**WHAT YOU WILL DO:** Here the job is to transcribe the data exactly while omitting the images.

**DATASET RECORDS:**
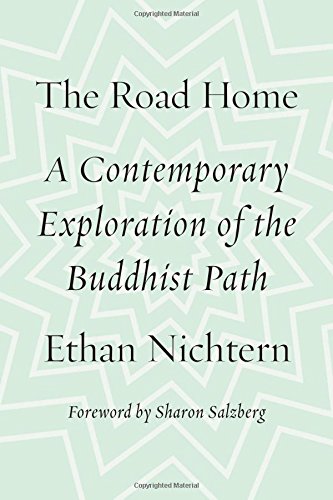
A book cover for The Road Home: A Contemporary Exploration of the Buddhist Path; Ethan Nichtern; Religion & Spirituality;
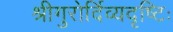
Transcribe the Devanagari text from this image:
श्रीगुरोर्दिव्यदृष्टिः
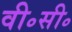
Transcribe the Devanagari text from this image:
वी॰सी॰
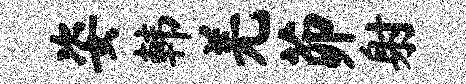
姿韩羌茆射
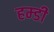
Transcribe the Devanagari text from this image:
हम्डी
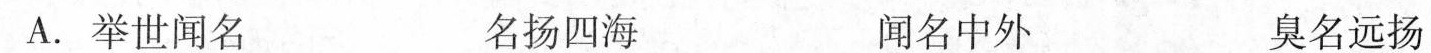
A.举世闻名 名扬四海 闻名中外 臭名远扬
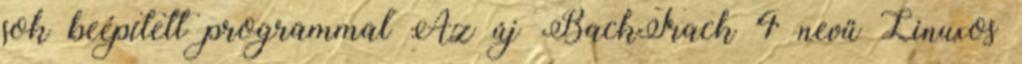
sok beépített programmal Az új BackTrack 4 nevű Linuxos
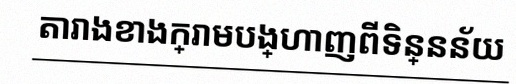
តារាងខាងក្រោមបង្ហាញពីទិន្នន័យ

**WRITTEN SOLUTION:**
A book cover for The Road Home: A Contemporary Exploration of the Buddhist Path; Ethan Nichtern; Religion & Spirituality;
Transcribe the Devanagari text from this image:
श्रीगुरोर्दिव्यदृष्टिः
Transcribe the Devanagari text from this image:
वी॰सी॰
姿韩羌茆射
Transcribe the Devanagari text from this image:
हम्डी
A.举世闻名 名扬四海 闻名中外 臭名远扬
sok beépített programmal Az új BackTrack 4 nevű Linuxos
តារាងខាងក្រោមបង្ហាញពីទិន្នន័យ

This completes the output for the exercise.